Patience and Persistence: Twin Virtues Of The Successful Entrepreneur

Getting a business off the ground requires a lot more than just a good idea and some luck. It requires intestinal fortitude, a will of steel, infinite patience and unstoppable persistence.

The good news is that if you have those things, it’s a cake walk.

Patience plus persistence guarantees a win. It’s just a matter of when.

Getting a business going can be grueling. It can be and is unsexy most of the time. Because of this, you’re going to need to be able to put your head down, take failures in stride and keep moving forward. When it comes to business you have to have laser focus and an iron will because you’ll encounter lot’s of stumbles along the way.

The good news is that if you can manage to keep going at it, sooner or later things will work out. Paresh Joshi is the perfect example. He’s been trying to get something going on the side for about eight years, and it’s finally happening.

Paresh’s business saga in four paragraphs

Paresh started trying to get a side gig going back in 2004 with a small site aimed at the Indian market called xDot. It was kind of like Digg – user’s could submit links and vote others up. Initially he had a hard time getting any sort of traffic going and finally experimented with an interesting tactic.

He created simulated users – he had a program run that would scour the web for interesting articles based on a filtering algorithm, post them and then have other virtual users vote them up.

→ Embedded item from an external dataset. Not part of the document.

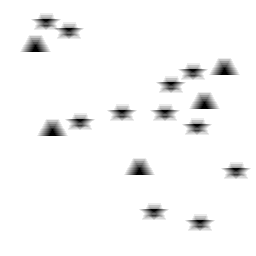
Squares: 0
Triangles: 5
Stars: 11
Total shapes: 16

Believe it or not, once he implemented the simulator, his real traffic increased several times over. (Side note: I recently read that Steve Huffman, the founder of Reddit, did the same thing with manual posting and voting)

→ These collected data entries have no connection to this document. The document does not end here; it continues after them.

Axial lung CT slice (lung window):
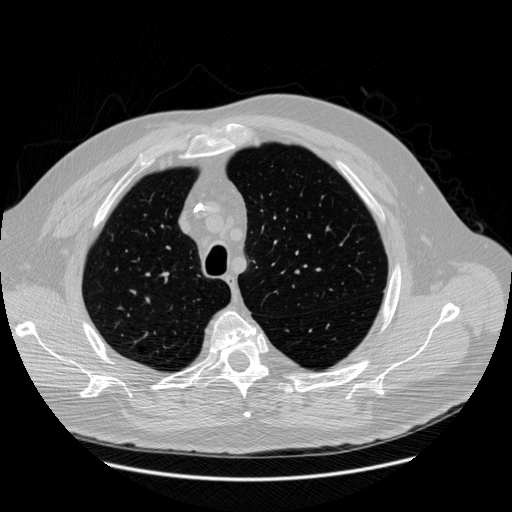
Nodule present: no
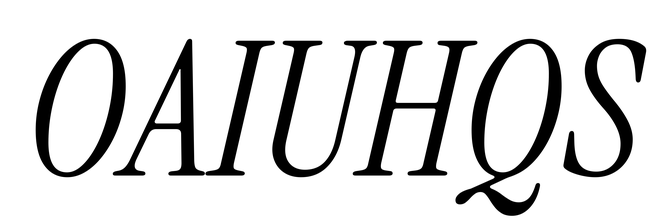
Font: InstrumentSerif-Italic
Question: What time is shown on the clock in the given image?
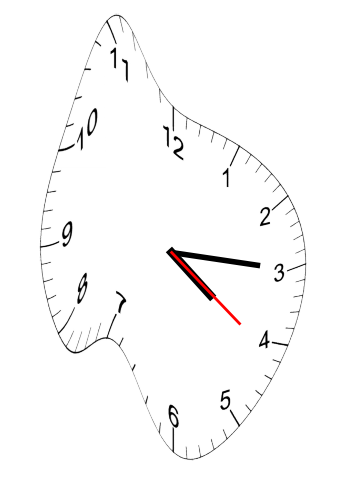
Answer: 04:15:21
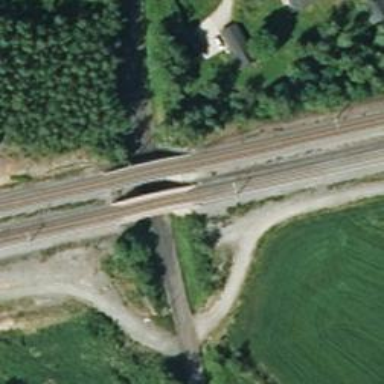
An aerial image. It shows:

xDot floundered and eventually petered out so Paresh moved on to a site called ItemCaster. IC was kind of like a small version of Pinterest, where people would share items they liked or owned. He played around this for a while but nothing much was going on traffic so he determined that he would try to niche it and took the core engine and started a site called Fashion Beat, aimed at women interested in the fashion industry.

After playing around and having that not really take off, he decided to break into the mobile app space and created Baby Rattle. He experienced moderate success with that and through various market experiments he arrived at a product that finally became a success – Kids Place. Kids Place has been downloaded nearly a million times and is one of the most popular Parental control apps on the Google Play Store.

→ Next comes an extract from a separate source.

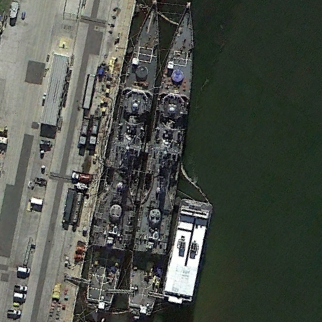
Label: cruiser
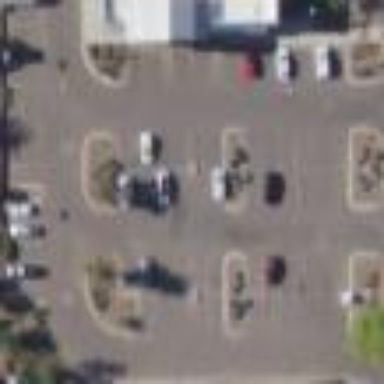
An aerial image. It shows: Parking area.

Keep at it, no matter what

The point my relaying this story is to tell you that you really can’t give up. As the saying goes, when at first you don’t succeed try, try again. If you hope to be a successful entrepreneur you have to change that a bit – When at first you don’t succeed, keep trying until you do, whether that takes 10 days or 10 years.

One trait of every successful entrepreneur I’ve personally known or read about in detail is that they were patient, persistent as hell, and didn’t let setbacks stop them.

Persistence is a requirement of the process

Persistence is so important to the creation of a business that Steve Blank made implicit requirements for persistence in the process of the startup creation outlined in the amazing book The Startup Owner’s Manual.

If you crack it open and check out the customer discovery process, you’ll notice several of the steps show arrows going backwards. These backwards arrows indicate that you have learned something new that causes you to change direction.

In other words, an earlier assumption you made wasn’t correct and you failed at that step so you have to take that as an opportunity to learn and adjust course.

Unknowns are part of the game

There are so many unknowns when starting up a business, specifically, what the market looks like, what people want, and what they are willing to pay for, so you’re going to have to do a lot of feeling around and experimentation till you arrive at a product or service that will finally be a market hit.

In order to go through potentially tens or even hundreds of iterations of trying something, failing, learning and then trying again, you have to have a lot of patience and persistence.

Without persistence there is no trying again.

Without trying again, there is no learning.

Without learning there is only failure.

The process of messing up is vital because it allows you to learn. The thing is, if you aren’t patient and decide to give up on your dream, you break the cycle of learning and improving. By giving up, you give up the opportunity to learn and without learning and adapting it’s true that you’ll never get a successful business going.

From now on, every time you suffer a setback or make a costly mistake, don’t view them as negative events. Instead analyze why it happened and how you can adjust for things in the future to make your business run better, serve people better and offer better products and services.

Besides, if things were easy, most of the reason for starting a business would be thrown out the window – the challenge and the chance to succeed against odds of failure are a big reason we’re in this, right?

And finally…

Quit screwing around surfing the web, learn from your mistakes and keep at it. You have a business to run.